From Surplus Value to the Mass Media

(1959)

NO ONE CAN WORK
his way through
Das Kapital
without etching on his mind forever the knowledge that profit must come from loss—the lost energy of one human being paying for the comfort of another; if the process has become ten times more subtle, complex, and untraceable in the modern economy, and conceivably a hundred times more resistant to the careful analysis of the isolated radical, it is perhaps now necessary that some of us be so brash as to cut a trail of speculation across subjects as vast as the title of this piece.
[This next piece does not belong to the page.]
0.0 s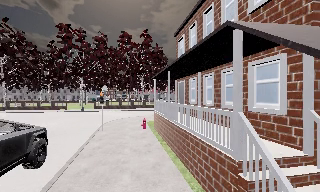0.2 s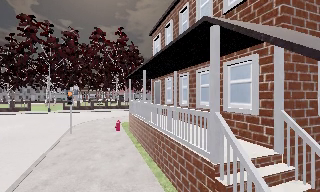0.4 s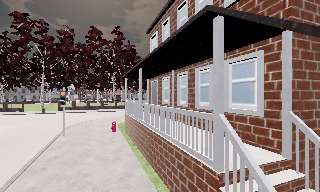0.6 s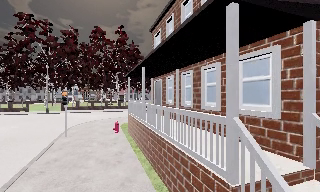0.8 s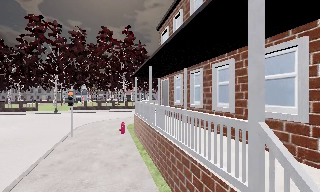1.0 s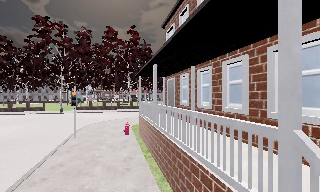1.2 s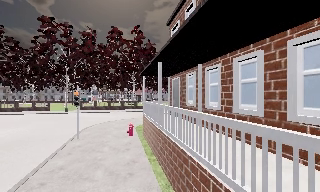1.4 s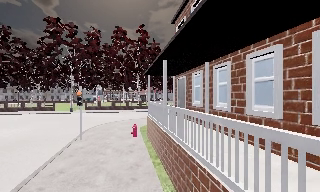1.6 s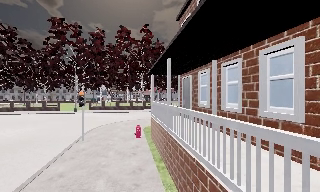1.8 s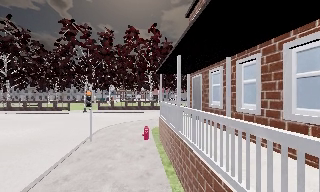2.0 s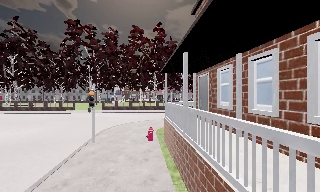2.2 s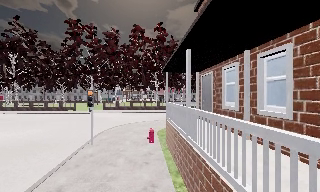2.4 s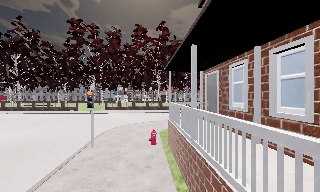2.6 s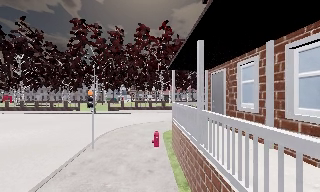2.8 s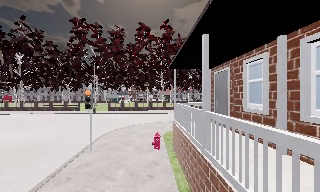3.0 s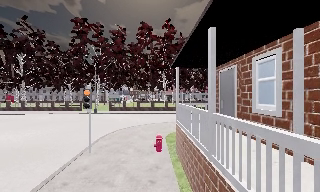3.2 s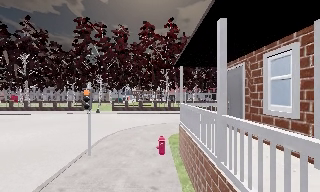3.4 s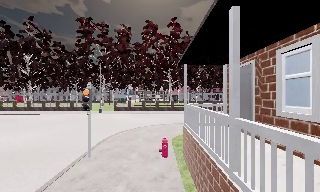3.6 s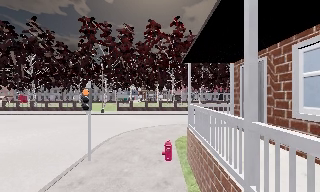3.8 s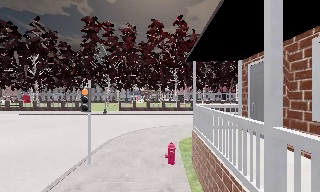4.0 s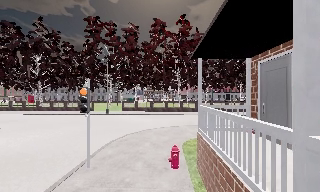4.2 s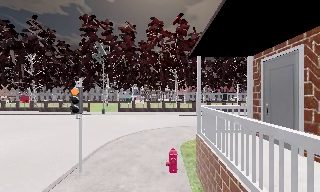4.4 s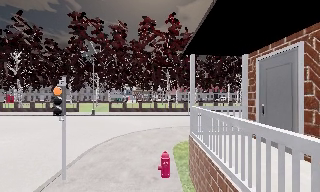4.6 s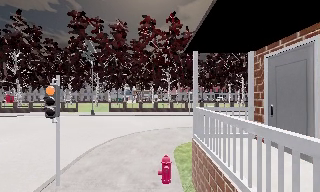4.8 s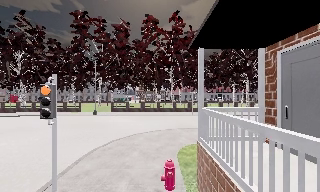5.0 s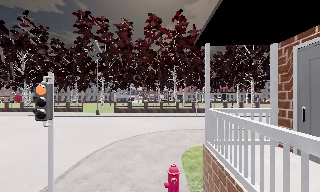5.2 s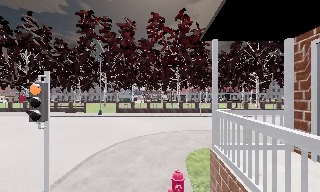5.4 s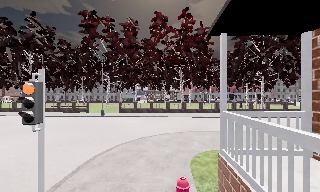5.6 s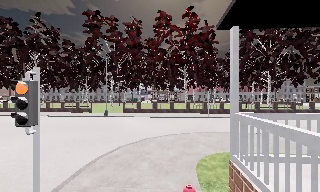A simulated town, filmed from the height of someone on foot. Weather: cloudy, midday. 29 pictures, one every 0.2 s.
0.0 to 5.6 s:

Let me start with a trivial discrepancy. Today one can buy a can of frozen orange juice sufficient to make a quart for 30 cents. A carton of prepared orange juice, equal in quality, costs 45 cents. The difference in price is certainly not to be found by the value of the container, nor in the additional cost of labor and machinery which is required to squeeze the oranges, since the process which produces frozen orange juice is if anything more complex—the oranges must first be squeezed and then frozen. Of course orange juice which comes in quart cartons is more expensive to ship, but it is doubtful if this added cost could account for more than 2 or 3 cents in the price. (The factors are
complex, but may reduce themselves as follows: The distributor for cartons of prepared orange juice is generally the milk companies, who are saved most of the costs of local distribution by delivering the orange juice on their milk route. While the cost of shipping whole oranges is greater, because of their bulk, than cans of frozen juice, it must be remembered that the largest expense in freight charges is loading and unloading, and the majority of freshly picked oranges have in any case to be shipped by freight to a freezer plant, converted, and shipped again.) What is most likely is that the price is arrived at by some kind of developed if more or less unconscious estimation by the entrepreneur of what it is worth to the consumer not to be bothered with opening a can, mixing the frozen muddle with three cans of water, and shaking. It is probable that the additional 12 or 13 cents of unnecessary price rise has been calculated in some such ratio as this: The consumer’s private productive time is worth much more to him than his social working time, because his private productive time, that is, the time necessary to perform his household functions, is time taken away from his leisure. If he earns $3 an hour by his labor, it is probable that he values his leisure time as worth ideally two or three times as much, let us say arbitrarily $6 an hour, or 10 cents a minute. Since it would take three or four minutes to turn frozen orange juice into drinkable orange juice, it may well be that a covert set of values in the consumer equates the saving of 3 or 4 minutes to a saving of 30 or 40
ideal
cents of his pleasure time. To pay an extra 12 actual cents in order to save this 40 ideal cents seems fitting to his concept of value. Of course, he has been deprived of 10 actual cents—the extra comfort should have deprived him of no more than 2 of his actual cents. So the profit was extracted here from a disproportionate exploitation of the consumer’s need to protect his pleasure time rather than from an inadequate repayment to the worker for his labor. (Such contradictions to this thesis as the spate of Do-It-Yourself hobbies, or magazine articles about the problem of what to do with leisure, are of too serious a nature to dismiss with a remark—it can however be suggested that the general hypothesis may not be contradicted: the man who is bored with his leisure
time, or so industrious as to work at handicrafts, can still resent inroads upon his leisure which he has not chosen. Indeed it might be argued that the tendency to be attracted to private labor-saving devices is greatest in the man who doesn’t know what to do with himself when he is at home.)